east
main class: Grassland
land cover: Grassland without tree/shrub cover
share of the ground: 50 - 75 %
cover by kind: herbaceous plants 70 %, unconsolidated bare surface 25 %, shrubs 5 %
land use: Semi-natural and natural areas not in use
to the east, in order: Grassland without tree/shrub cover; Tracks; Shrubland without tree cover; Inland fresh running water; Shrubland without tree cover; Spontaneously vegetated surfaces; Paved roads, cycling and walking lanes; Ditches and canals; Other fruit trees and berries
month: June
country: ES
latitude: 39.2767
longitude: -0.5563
* * *
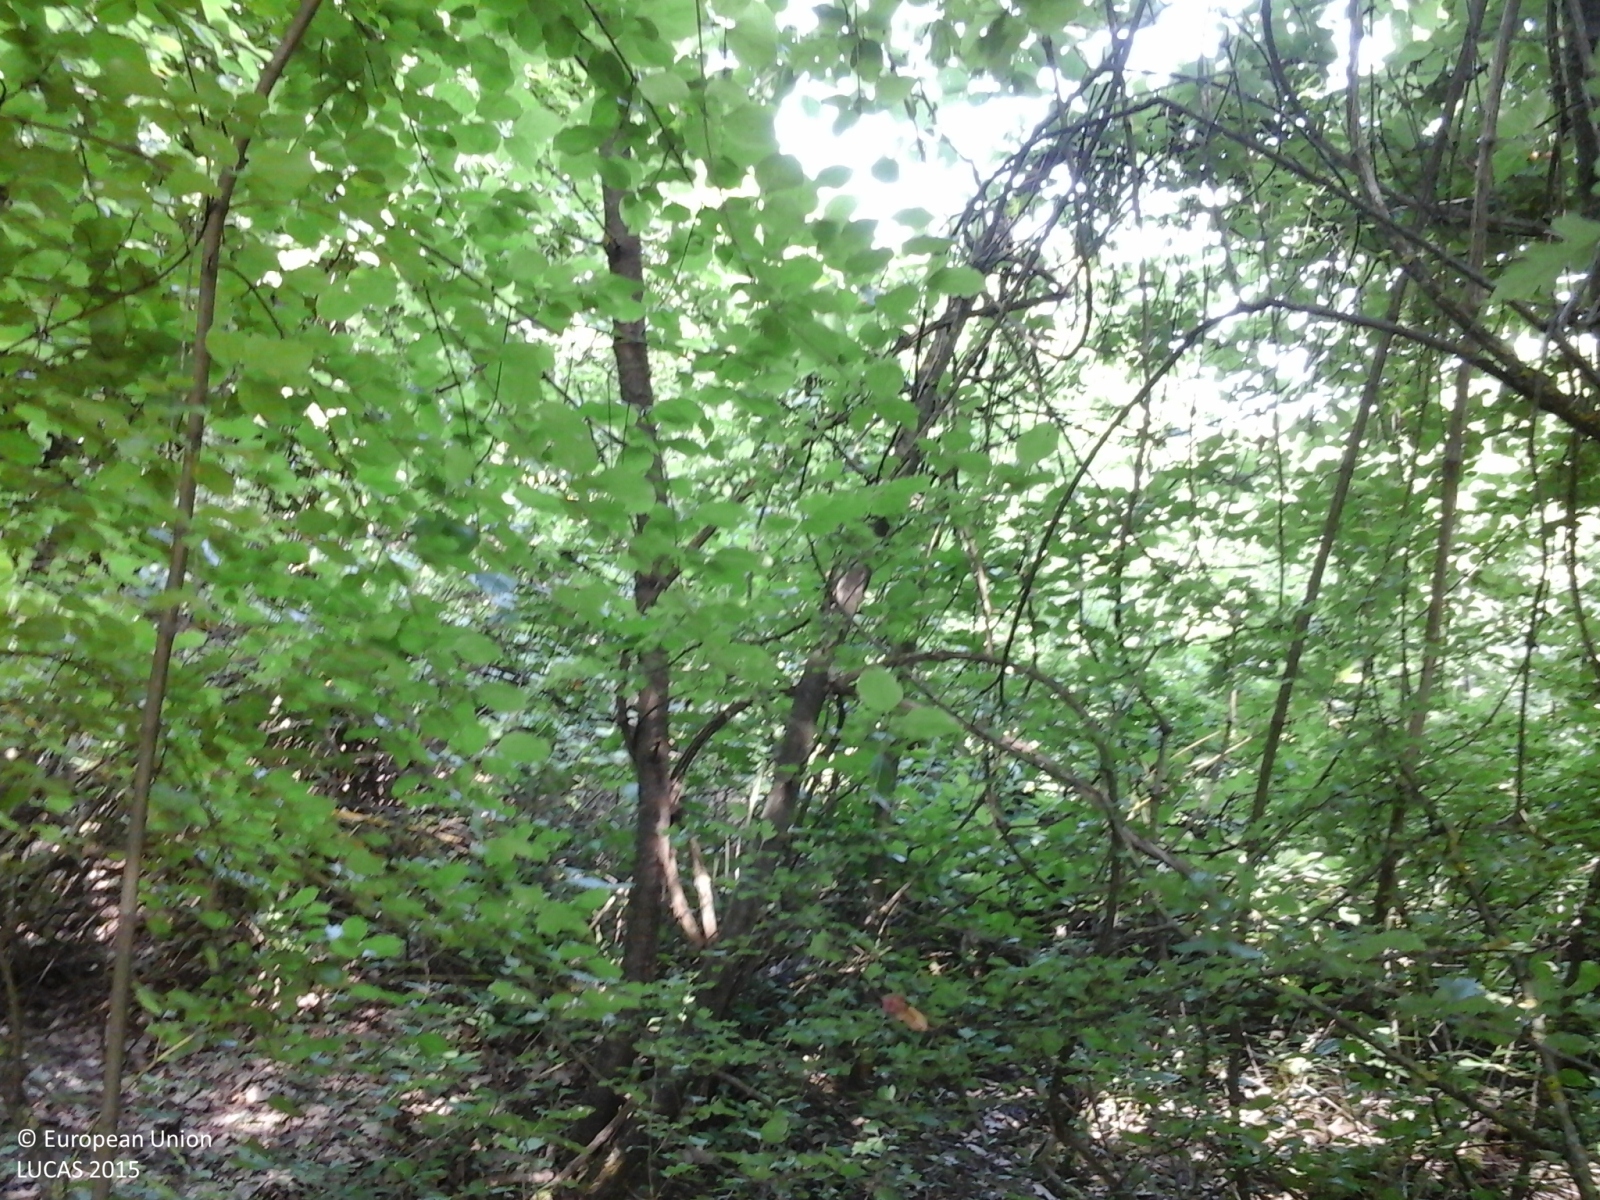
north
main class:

Instructions for the task: The required answer is the exact run of lines above starting at the line with "cover by kind: herbaceous" and ending at the line with "country: ES", with both ends present.

Response box:
cover by kind: herbaceous plants 70 %, unconsolidated bare surface 25 %, shrubs 5 %
land use: Semi-natural and natural areas not in use
to the east, in order: Grassland without tree/shrub cover; Tracks; Shrubland without tree cover; Inland fresh running water; Shrubland without tree cover; Spontaneously vegetated surfaces; Paved roads, cycling and walking lanes; Ditches and canals; Other fruit trees and berries
month: June
country: ES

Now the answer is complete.